======== DATA SHOWN
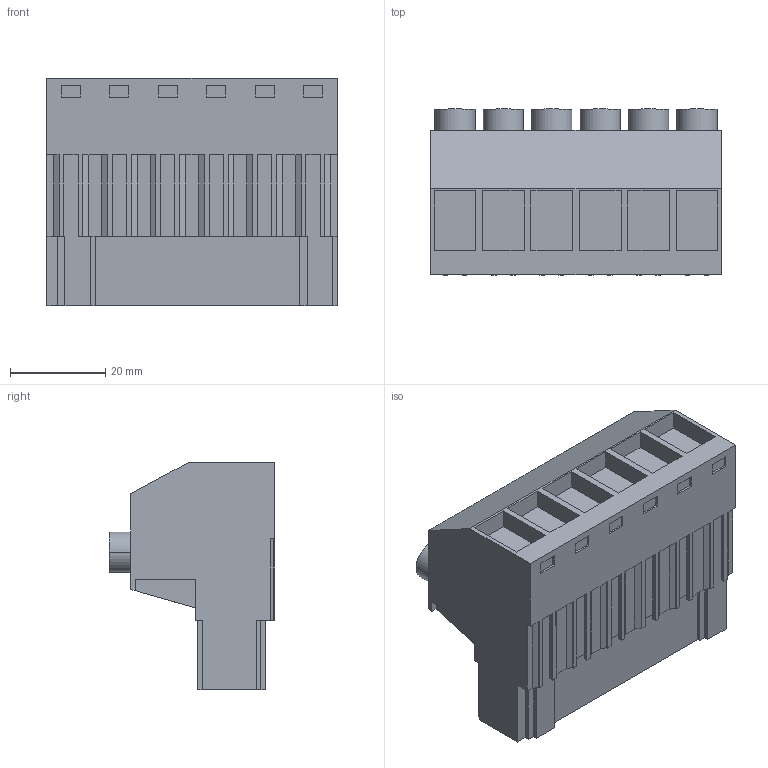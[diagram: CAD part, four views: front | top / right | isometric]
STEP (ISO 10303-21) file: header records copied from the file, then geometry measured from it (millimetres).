
FILE_DESCRIPTION(('CATIA V5 STEP Exchange','CAx-IF Rec.Pracs.--- Model Styling and Organization---1.2---2011-12-15'),'2;1');
FILE_NAME ('D1460585_0_1966920000_1966920000.stp','2016-11-26T11:29:07+00:00',('none'),('Weidmueller'),'CATIA Version 5-6 Release 2014','CATIA V5 STEP AP214','none');
FILE_SCHEMA(('AUTOMOTIVE_DESIGN { 1 0 10303 214 1 1 1 1 }'));
Length unit declared in the file: millimetre
Products named in the file (1): 1966920000_S
Bounding box: 60.96 x 34.8 x 47.8 mm (x, y, z)
Volume: 54663.1 mm3; surface area: 21389.3 mm2
Topology: 13 solids, 13 shells, 587 faces, 1579 edges, 1066 vertices
Faces by surface type: plane 551, cylinder 36
Entity records: 16934 total; most frequent: ORIENTED_EDGE 3158, CARTESIAN_POINT 3017, DIRECTION 2303, EDGE_CURVE 1579, VECTOR 1477, LINE 1477, VERTEX_POINT 1066, EDGE_LOOP 635
================
# EXERCISE DIRECTIONS:
Please set the data above down exactly, with the pictures removed.

# EXERCISE SOLUTION:
[diagram: CAD part, four views: front | top / right | isometric]
STEP (ISO 10303-21) file: header records copied from the file, then geometry measured from it (millimetres).
FILE_DESCRIPTION(('CATIA V5 STEP Exchange','CAx-IF Rec.Pracs.--- Model Styling and Organization---1.2---2011-12-15'),'2;1');
FILE_NAME ('D1460585_0_1966920000_1966920000.stp','2016-11-26T11:29:07+00:00',('none'),('Weidmueller'),'CATIA Version 5-6 Release 2014','CATIA V5 STEP AP214','none');
FILE_SCHEMA(('AUTOMOTIVE_DESIGN { 1 0 10303 214 1 1 1 1 }'));
Length unit declared in the file: millimetre
Products named in the file (1): 1966920000_S
Bounding box: 60.96 x 34.8 x 47.8 mm (x, y, z)
Volume: 54663.1 mm3; surface area: 21389.3 mm2
Topology: 13 solids, 13 shells, 587 faces, 1579 edges, 1066 vertices
Faces by surface type: plane 551, cylinder 36
Entity records: 16934 total; most frequent: ORIENTED_EDGE 3158, CARTESIAN_POINT 3017, DIRECTION 2303, EDGE_CURVE 1579, VECTOR 1477, LINE 1477, VERTEX_POINT 1066, EDGE_LOOP 635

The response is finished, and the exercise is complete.